Il faut que je te prévienne
- Sidonie
- 16 avr. 2023
- 4 min de lecture

Il faut que je te prévienne. Je ne suis pas une fille qui emmène ses histoires d’amour très loin.
Je n’ai jamais réussi. Peut-être que je n’ai jamais compris. Ou que même, je ne sais pas faire du tout.
Quand ça remue un peu trop, quand on doute ou qu’on s’égare, je panique vite.
J’essaye un peu, pas très bien, puis je finis par tirer sur l’ambulance. Peut-être que l’hôpital était tout proche ? Peut-être que le remède était à portée de main ? L’antidote à mes tourments. Je ne sais pas, je n’ai jamais tourné le coin de la rue suivante, sirènes hurlantes.
Je ne vis pas très bien sans amour. Mais je ne vais pas très bien avec non plus. Des petits riens me font vite mal. Je veux le confort d’une routine, la sérénité d’un foyer mais je ne résiste pas à l’ennui et surtout pas à l’indifférence. Cette fatalité qui s’abat inévitablement sur toutes les histoires. Je sais vieillir à deux mais sans savoir faner en couple.
Rester, quand la dynamique s’essouffle, c’est renoncer à tout ce qui peut se présenter. Les expériences, les rencontres, les ailleurs, les sur un coup de tête. Rester, c’est monter très haut et descendre si bas. La chute est lente, je m’agrippe aux parois. Les opportunités me glissent entre les doigts. Et si, au fond, je ne me connaissais pas. Et si, au fond, tu avais très envie d’autre chose.
Mais partir, c’est la peur qu’il ne se passe plus jamais rien. Plonger dans le vide et le néant. Elle me pétrifie cette solitude, cette absence. Et si en partant, je me perdais aussi. Qui suis-je sans toi ?
Il faut que je te prévienne. Je crois très fort aux rêves, je les encourage. Nous ne sommes pas grand chose sans envies et sans espoirs. Mais j’ai trop cru aux rêves des autres, plus qu’en moi-même. Je les porte courageusement les rêves des autres.
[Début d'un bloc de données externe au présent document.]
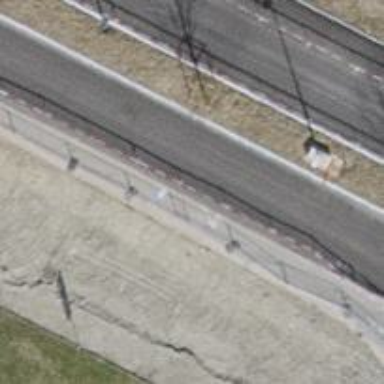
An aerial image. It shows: Secondary road with asphalt surface.
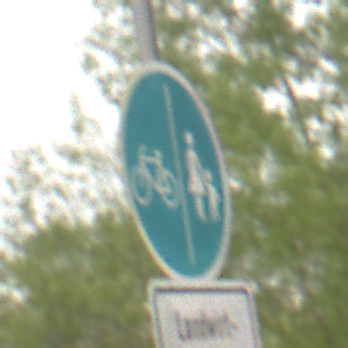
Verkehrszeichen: GetrennterRadUndGehwegRadwegLinks
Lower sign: BesondereFahrzeugeUndTransportgueter6
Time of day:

Je peux te porter un long moment. Même à bouts de bras, même quand je ne touche plus le sol. Je suis capable de poser ce que j’ai de plus précieux, ce dont j’ai le plus besoin, pour te porter toi. Toi et tes rêves inachevés. Toi, à la place de mon essentiel.
Puis tu deviens trop lourd, trop envahissant et mon amour trop faible. Je me retourne et je vois les morceaux de moi-même éparpillés sur le chemin. J’ouvre alors grand les yeux, choquée. Qu’ai-je fait de moi ?
Alors, je peux te lâcher dans le vide, du jour au lendemain. Je vais avoir pleuré, en te donnant une dernière fois tout ce que j’ai à offrir. Tu n’auras sûrement pas perçu la nuance dans mon regard qui te transperce puis te fuit.
Alors un matin, je vais te lâcher la main, te pousser dans notre vide. Tu vas tomber dans la boue épaisse et sale de nos différences et de nos incompréhensions que je brasse depuis des mois. Tu vas me tendre une main que je ne vais pas saisir car j’aurais chaussé des bottes et sorti mon parapluie pour aller pleuvoir mes larmes ailleurs.
Il faut que je te prévienne. Je ne suis pas une fille qui revient. Parce qu’il faut du temps pour ramasser les morceaux de son âme oubliée. Je peux partir en t’aimant sincèrement si jamais je me souviens qu’en fait, je dois m’aimer aussi.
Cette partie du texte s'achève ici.